## [WORK INSTRUCTION]
In the records below, find the line with "#4974 = ORIENTED_EDGE" and the line with "#8929 = DIRECTION"; return exactly those lines and every line between them.

[Dataset records]
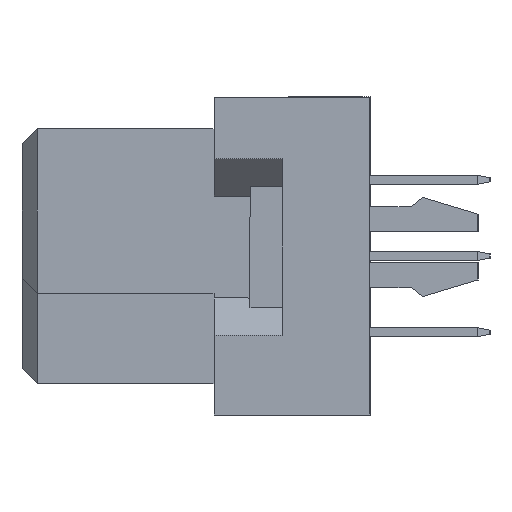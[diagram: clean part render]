
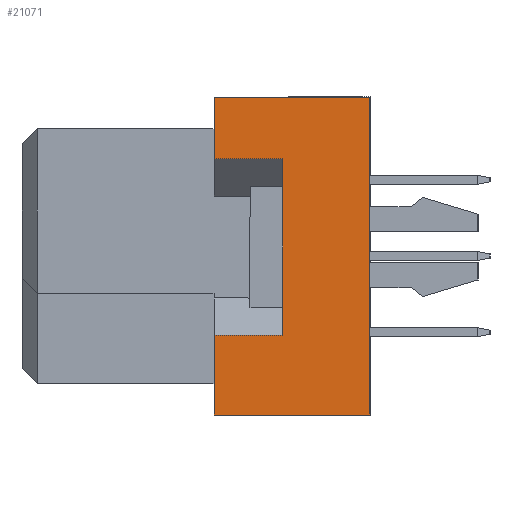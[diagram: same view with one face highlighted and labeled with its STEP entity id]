
A CAD part, left-side view. The second image highlights one B-rep face of the part: STEP entity #21071.
In plain terms, the highlighted planar face has unit normal (-1, 0, 0).
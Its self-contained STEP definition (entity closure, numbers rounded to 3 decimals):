
#113 = VECTOR ( 'NONE', #8929, 1000. ) ;
#663 = DIRECTION ( 'NONE',  ( 0., 0., 1. ) ) ;
#879 = ORIENTED_EDGE ( 'NONE', *, *, #7145, .T. ) ;
#1946 = FACE_OUTER_BOUND ( 'NONE', #15309, .T. ) ;
#1948 = CARTESIAN_POINT ( 'NONE',  ( -27.5, -8.7, 3.25 ) ) ;
#2021 = ORIENTED_EDGE ( 'NONE', *, *, #5288, .F. ) ;
#2050 = DIRECTION ( 'NONE',  ( 0., 0., 1. ) ) ;
#2373 = CARTESIAN_POINT ( 'NONE',  ( -27.5, -6.4, -5.3 ) ) ;
#2458 = VECTOR ( 'NONE', #20644, 1000. ) ;
#2890 = CARTESIAN_POINT ( 'NONE',  ( -27.5, -11.6, 5.3 ) ) ;
#3101 = VERTEX_POINT ( 'NONE', #15251 ) ;
#3757 = LINE ( 'NONE', #13664, #19283 ) ;
#3870 = LINE ( 'NONE', #1948, #4936 ) ;
#3875 = CARTESIAN_POINT ( 'NONE',  ( -27.5, -6.4, -5.3 ) ) ;
#4406 = LINE ( 'NONE', #9478, #2458 ) ;
#4500 = VERTEX_POINT ( 'NONE', #11531 ) ;
#4776 = CARTESIAN_POINT ( 'NONE',  ( -27.5, -8.7, 3.25 ) ) ;
#4936 = VECTOR ( 'NONE', #5270, 1000. ) ;
#4974 = ORIENTED_EDGE ( 'NONE', *, *, #5350, .T. ) ;
#5270 = DIRECTION ( 'NONE',  ( 0., 1., 0. ) ) ;
#5288 = EDGE_CURVE ( 'NONE', #4500, #3101, #18820, .T. ) ;
#5350 = EDGE_CURVE ( 'NONE', #19117, #14148, #13889, .T. ) ;
#6442 = EDGE_CURVE ( 'NONE', #9300, #20684, #3870, .T. ) ;
#7145 = EDGE_CURVE ( 'NONE', #8785, #19117, #11060, .T. ) ;
#7425 = DIRECTION ( 'NONE',  ( 0., 1., 0. ) ) ;
#7737 = ORIENTED_EDGE ( 'NONE', *, *, #6442, .F. ) ;
#7963 = VECTOR ( 'NONE', #8928, 1000. ) ;
#8267 = VERTEX_POINT ( 'NONE', #20620 ) ;
#8712 = PLANE ( 'NONE',  #17594 ) ;
#8785 = VERTEX_POINT ( 'NONE', #20833 ) ;
#8928 = DIRECTION ( 'NONE',  ( 0., 1., 0. ) ) ;
#8929 = DIRECTION ( 'NONE',  ( 0., 0., 1. ) ) ;
#9300 = VERTEX_POINT ( 'NONE', #4776 ) ;
#9478 = CARTESIAN_POINT ( 'NONE',  ( -27.5, -8.7, -2.65 ) ) ;
#9830 = ORIENTED_EDGE ( 'NONE', *, *, #17062, .F. ) ;
#10217 = CARTESIAN_POINT ( 'NONE',  ( -27.5, -11.6, 5.3 ) ) ;
#10766 = CARTESIAN_POINT ( 'NONE',  ( -27.5, -11.6, 5.3 ) ) ;
#10952 = DIRECTION ( 'NONE',  ( 0., 0., 1. ) ) ;
#11060 = LINE ( 'NONE', #2890, #15254 ) ;
#11531 = CARTESIAN_POINT ( 'NONE',  ( -27.5, -6.4, -5.3 ) ) ;
#11761 = VECTOR ( 'NONE', #7425, 1000. ) ;
#12594 = LINE ( 'NONE', #20536, #7963 ) ;
#12806 = EDGE_CURVE ( 'NONE', #8785, #4500, #3757, .T. ) ;
#12951 = EDGE_CURVE ( 'NONE', #8267, #9300, #4406, .T. ) ;
#12994 = VECTOR ( 'NONE', #663, 1000. ) ;
#13664 = CARTESIAN_POINT ( 'NONE',  ( -27.5, -11.6, -5.3 ) ) ;
#13882 = CARTESIAN_POINT ( 'NONE',  ( -27.5, -6.4, 3.25 ) ) ;
#13889 = LINE ( 'NONE', #10766, #11761 ) ;
#14148 = VERTEX_POINT ( 'NONE', #19686 ) ;
#15251 = CARTESIAN_POINT ( 'NONE',  ( -27.5, -6.4, -2.65 ) ) ;
#15254 = VECTOR ( 'NONE', #10952, 1000. ) ;
#15280 = LINE ( 'NONE', #3875, #12994 ) ;
#15309 = EDGE_LOOP ( 'NONE', ( #18099, #2021, #16496, #879, #4974, #9830, #7737, #15677 ) ) ;
#15677 = ORIENTED_EDGE ( 'NONE', *, *, #12951, .F. ) ;
#16496 = ORIENTED_EDGE ( 'NONE', *, *, #12806, .F. ) ;
#16775 = DIRECTION ( 'NONE',  ( 0., 1., 0. ) ) ;
#17062 = EDGE_CURVE ( 'NONE', #20684, #14148, #15280, .T. ) ;
#17594 = AXIS2_PLACEMENT_3D ( 'NONE', #10217, #18493, #2050 ) ;
#18099 = ORIENTED_EDGE ( 'NONE', *, *, #21218, .T. ) ;
#18245 = CARTESIAN_POINT ( 'NONE',  ( -27.5, -11.6, 5.3 ) ) ;
#18493 = DIRECTION ( 'NONE',  ( -1., 0., 0. ) ) ;
#18820 = LINE ( 'NONE', #2373, #113 ) ;
#19117 = VERTEX_POINT ( 'NONE', #18245 ) ;
#19283 = VECTOR ( 'NONE', #16775, 1000. ) ;
#19686 = CARTESIAN_POINT ( 'NONE',  ( -27.5, -6.4, 5.3 ) ) ;
#20536 = CARTESIAN_POINT ( 'NONE',  ( -27.5, -8.7, -2.65 ) ) ;
#20620 = CARTESIAN_POINT ( 'NONE',  ( -27.5, -8.7, -2.65 ) ) ;
#20644 = DIRECTION ( 'NONE',  ( 0., 0., 1. ) ) ;
#20684 = VERTEX_POINT ( 'NONE', #13882 ) ;
#20833 = CARTESIAN_POINT ( 'NONE',  ( -27.5, -11.6, -5.3 ) ) ;
#21071 = ADVANCED_FACE ( 'NONE', ( #1946 ), #8712, .T. ) ;
#21218 = EDGE_CURVE ( 'NONE', #8267, #3101, #12594, .T. ) ;

## [RESULT]
#4974 = ORIENTED_EDGE ( 'NONE', *, *, #5350, .T. ) ;
#5270 = DIRECTION ( 'NONE',  ( 0., 1., 0. ) ) ;
#5288 = EDGE_CURVE ( 'NONE', #4500, #3101, #18820, .T. ) ;
#5350 = EDGE_CURVE ( 'NONE', #19117, #14148, #13889, .T. ) ;
#6442 = EDGE_CURVE ( 'NONE', #9300, #20684, #3870, .T. ) ;
#7145 = EDGE_CURVE ( 'NONE', #8785, #19117, #11060, .T. ) ;
#7425 = DIRECTION ( 'NONE',  ( 0., 1., 0. ) ) ;
#7737 = ORIENTED_EDGE ( 'NONE', *, *, #6442, .F. ) ;
#7963 = VECTOR ( 'NONE', #8928, 1000. ) ;
#8267 = VERTEX_POINT ( 'NONE', #20620 ) ;
#8712 = PLANE ( 'NONE',  #17594 ) ;
#8785 = VERTEX_POINT ( 'NONE', #20833 ) ;
#8928 = DIRECTION ( 'NONE',  ( 0., 1., 0. ) ) ;
#8929 = DIRECTION ( 'NONE',  ( 0., 0., 1. ) ) ;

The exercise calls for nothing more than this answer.